Hi everybody,
I'd just like to introduce myself. My names Ged Byrne and I'm a member of the London Java Community. I'm getting involved as part of the Adopt a JSR programme.
One thing I'm keen on working on is a bit of evangalism and to start of I'd like to put together a State of the JSR Blog Post.
The idea is to put together a single post that sums up where we are, where we want to be and how we intend to get there.
I'd love to hear how everybody's thoughts.
To start things of I just like to play devils advocate with the Misson Statement as set out at
https://github.com/datagrids/spec/wiki/Mission-Statement. I just going to consider it line by line and try to challenge what it says. Could I ask everybody else to do the same.
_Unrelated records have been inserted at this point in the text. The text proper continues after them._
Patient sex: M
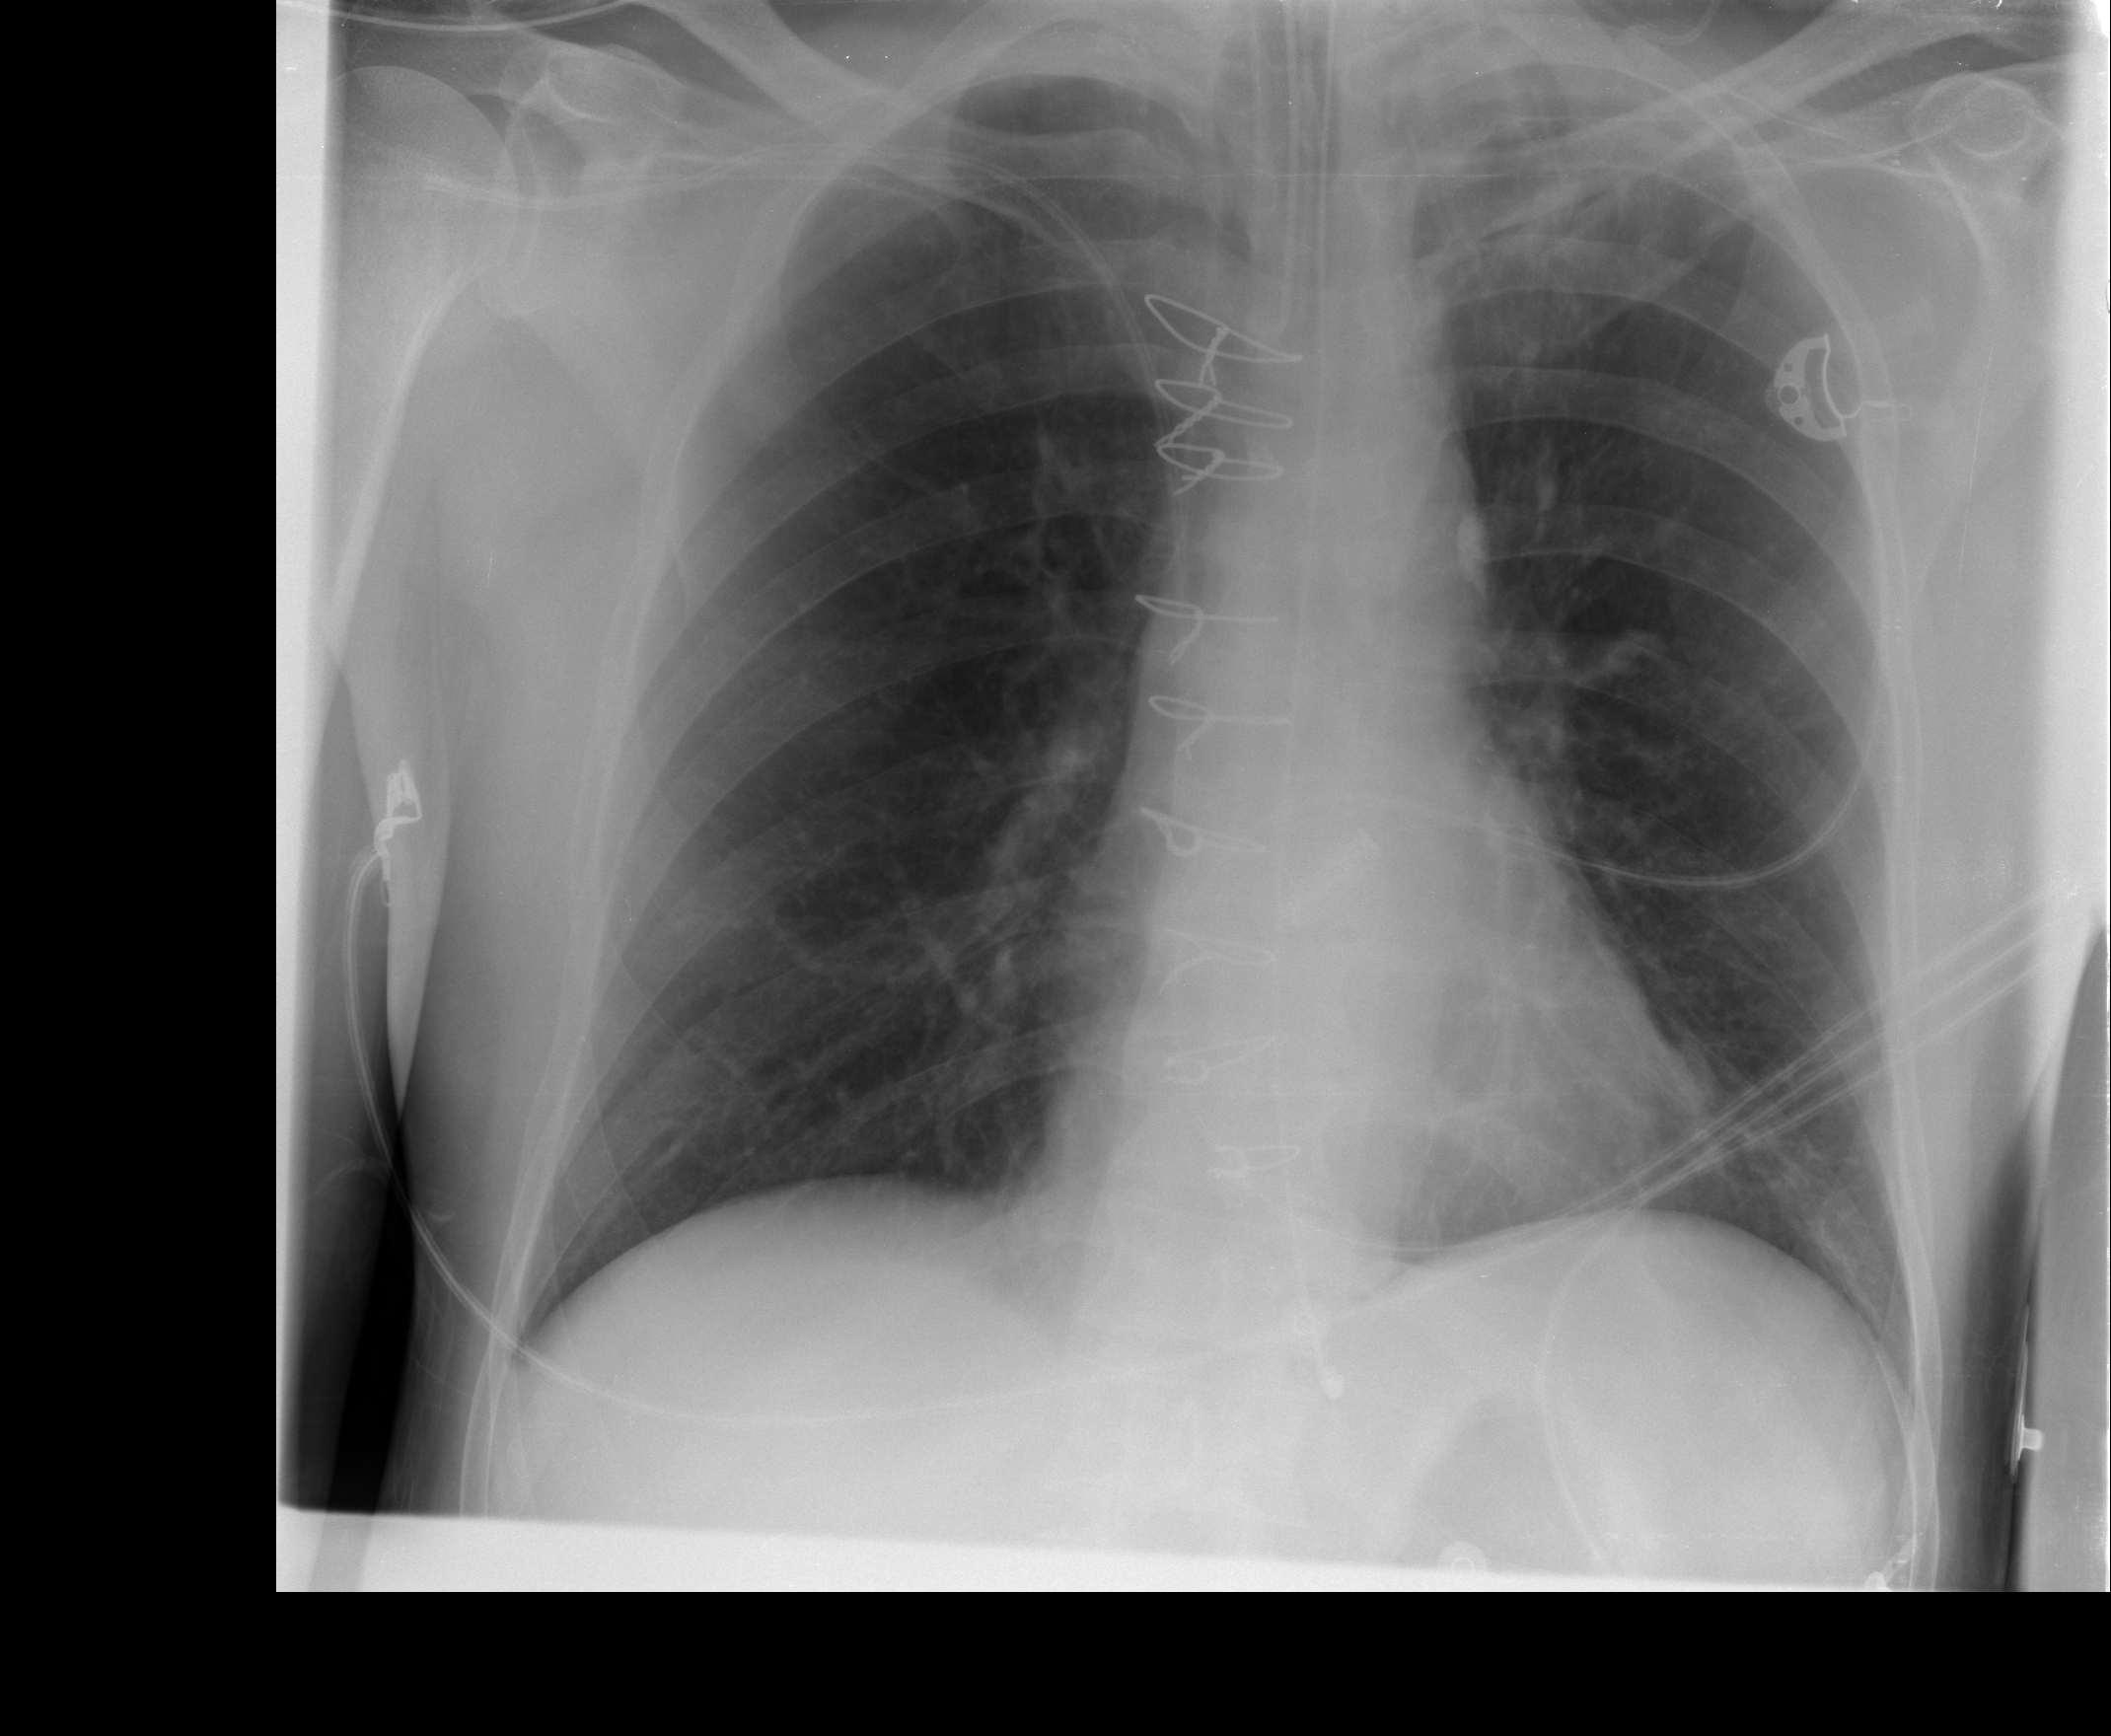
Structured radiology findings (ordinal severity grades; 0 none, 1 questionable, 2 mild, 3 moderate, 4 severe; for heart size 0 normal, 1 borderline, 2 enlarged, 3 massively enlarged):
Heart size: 0
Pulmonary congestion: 0
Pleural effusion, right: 0
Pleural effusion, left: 0
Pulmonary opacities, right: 0
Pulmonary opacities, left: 2
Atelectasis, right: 0
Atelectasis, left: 0
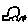
Label: car
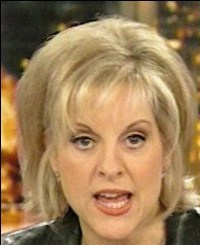
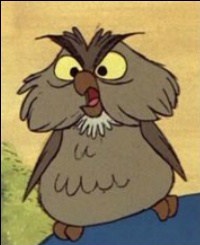
Blend attribute: Facial Expression
Blending difficulty: High
Creative potential: High
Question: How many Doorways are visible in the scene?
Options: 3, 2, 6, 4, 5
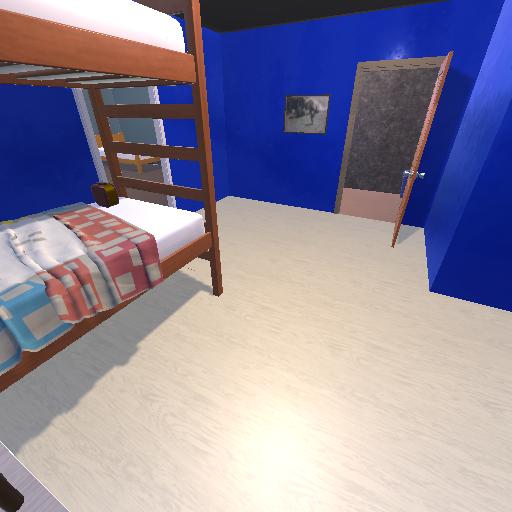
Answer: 3
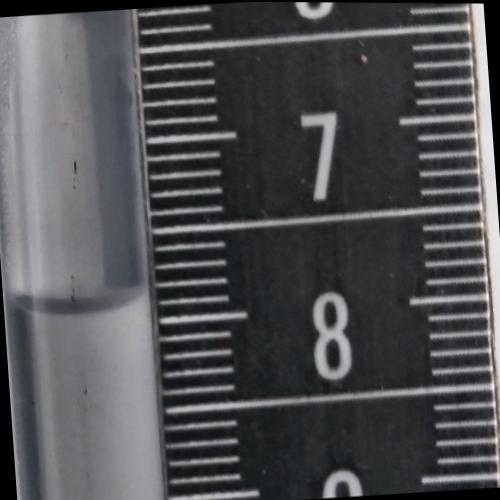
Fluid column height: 7.9 cm
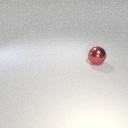
large red metal sphere
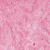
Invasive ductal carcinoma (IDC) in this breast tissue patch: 0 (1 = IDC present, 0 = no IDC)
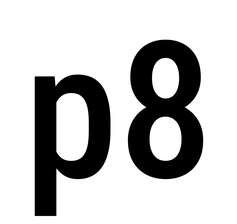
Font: Roboto_Condensed_Medium
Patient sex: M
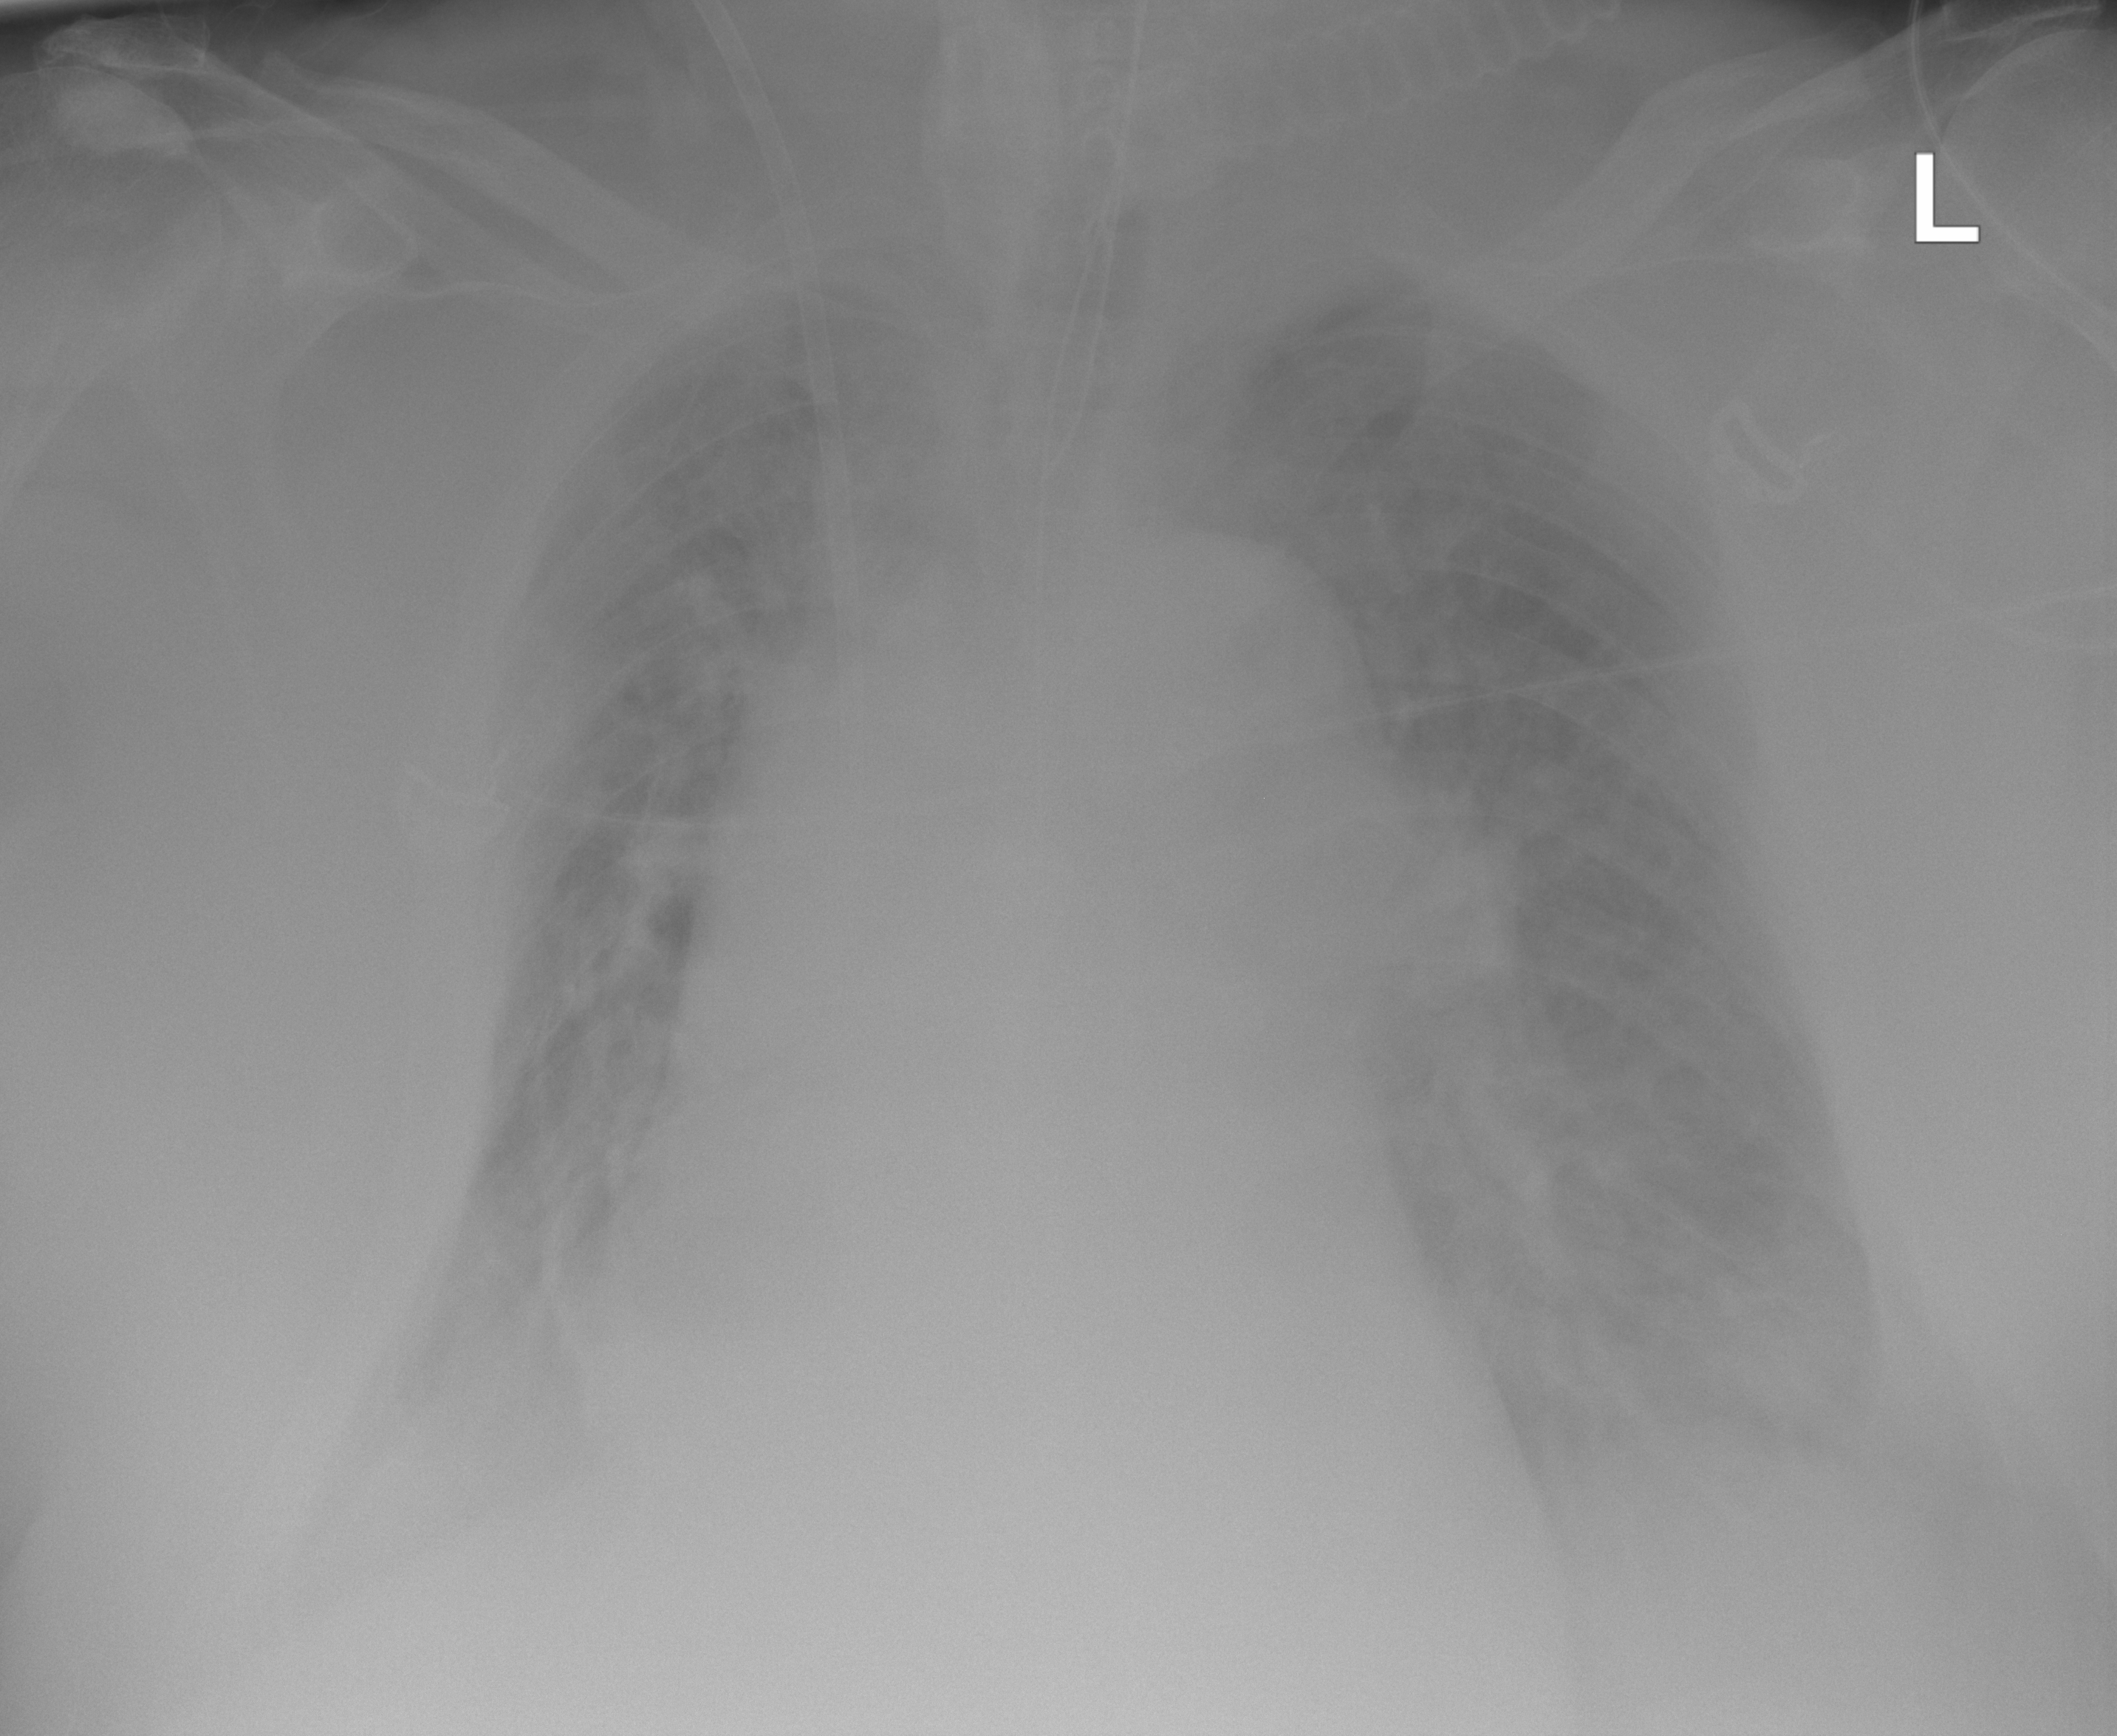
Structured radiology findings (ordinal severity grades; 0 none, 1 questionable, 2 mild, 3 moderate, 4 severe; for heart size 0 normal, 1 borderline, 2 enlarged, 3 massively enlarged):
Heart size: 2
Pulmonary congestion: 3
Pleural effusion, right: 2
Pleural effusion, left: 3
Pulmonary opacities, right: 2
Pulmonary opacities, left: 2
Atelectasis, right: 2
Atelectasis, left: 3
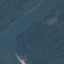
Label: River
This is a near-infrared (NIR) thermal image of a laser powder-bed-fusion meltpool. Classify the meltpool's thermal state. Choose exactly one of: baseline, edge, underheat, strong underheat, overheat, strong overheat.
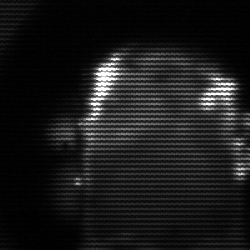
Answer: baseline
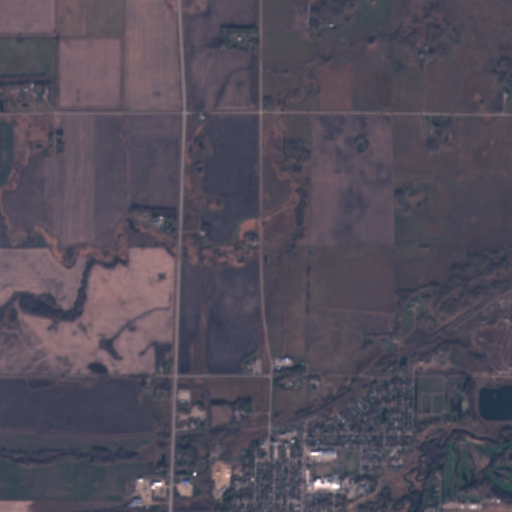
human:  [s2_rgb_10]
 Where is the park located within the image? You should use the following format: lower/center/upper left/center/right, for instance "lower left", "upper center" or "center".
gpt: The park is located in the lower right of the image.
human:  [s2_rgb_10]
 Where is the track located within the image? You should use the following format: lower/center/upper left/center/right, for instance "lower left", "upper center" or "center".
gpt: The track is located in the lower right of the image.
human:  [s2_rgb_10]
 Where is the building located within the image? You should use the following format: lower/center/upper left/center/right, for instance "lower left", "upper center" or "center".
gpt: There is no building in the image.
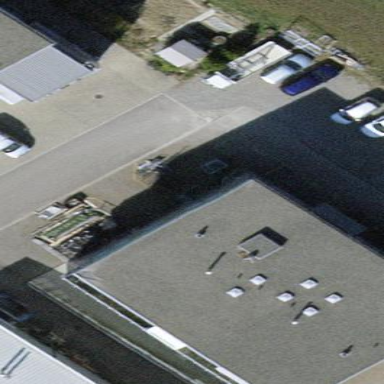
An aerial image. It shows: Industrial building with skillion roof shape.

Don't look to defend it but be as critical as you possibly can be. Let's see how it holds up to scrutiny.
- This specification (JSR-347) aims to specify APIs and behaviours necessary to be build portable applications which store their data in a distributed data grid, including retrieving, storing and managing the data.
- Is it really about datagrids, or are they just one implementation method? Isn't this really about APIs for working with large distributed data sets. Isn't Datagrid an implementation details, like using a Hash or Linked List?
- Do we need a logical model. The collections API has interfaces for Maps, Sets and Lists. Is there an equivalent set of abstract concepts for dealing with large Data Sets?
- The primary API will be built upon JSR-107, the JCACHE API. In addition to it’s generified Map-like API to access a Cache, JSR-107 defines APIs for spooling in-memory data to persistent storage, an API for obtaining a named Cache from a CacheManager and an API to register event listeners. It also offers a number of optional features such as annotation support and transaction integration.
- Do we need to build upon JSR-107. If we have a separation of concerns can we leave the JCACHE APIs as they are to be used when Caches are being used for implementation?
- Why is JSR-107 being used as a starting point. What about the range of APIs that various products like Cassandra, Pig, MongoDB, Coherence and the like have defined. What commonalities are there? Where to they diverge and why?
- JSR-347 proposes to add a number of abilities, including: an async API, support for distributed code execution (both arbitrary and based around map/reduce),
- Does distributed code execution really belong in this JSR. Shouldn't it have a JSR all to itself.
- a grouping (co-location) API,
- Is Infinispan the best model for this. Do any of the other products take a different approach?
- CDI (Contexts and Dependency Injection) support (building on the annotation support in JSR-107),
- Is there any API changes needed for this? Any new annotations? Isn't a datagrid simply an implementation strategy for Contexts?
- modes of operation (replication vs. distribution), varying levels of consistency for distribution (total vs. eventual) and both programmatic and XML based configuration.
- Isn't all this implementation detail? Isn't it better to leave stuff like this out of the standards?
I being deliberately critical here and trying to push out some straw man arguments to get people talking.
Regards,
Ged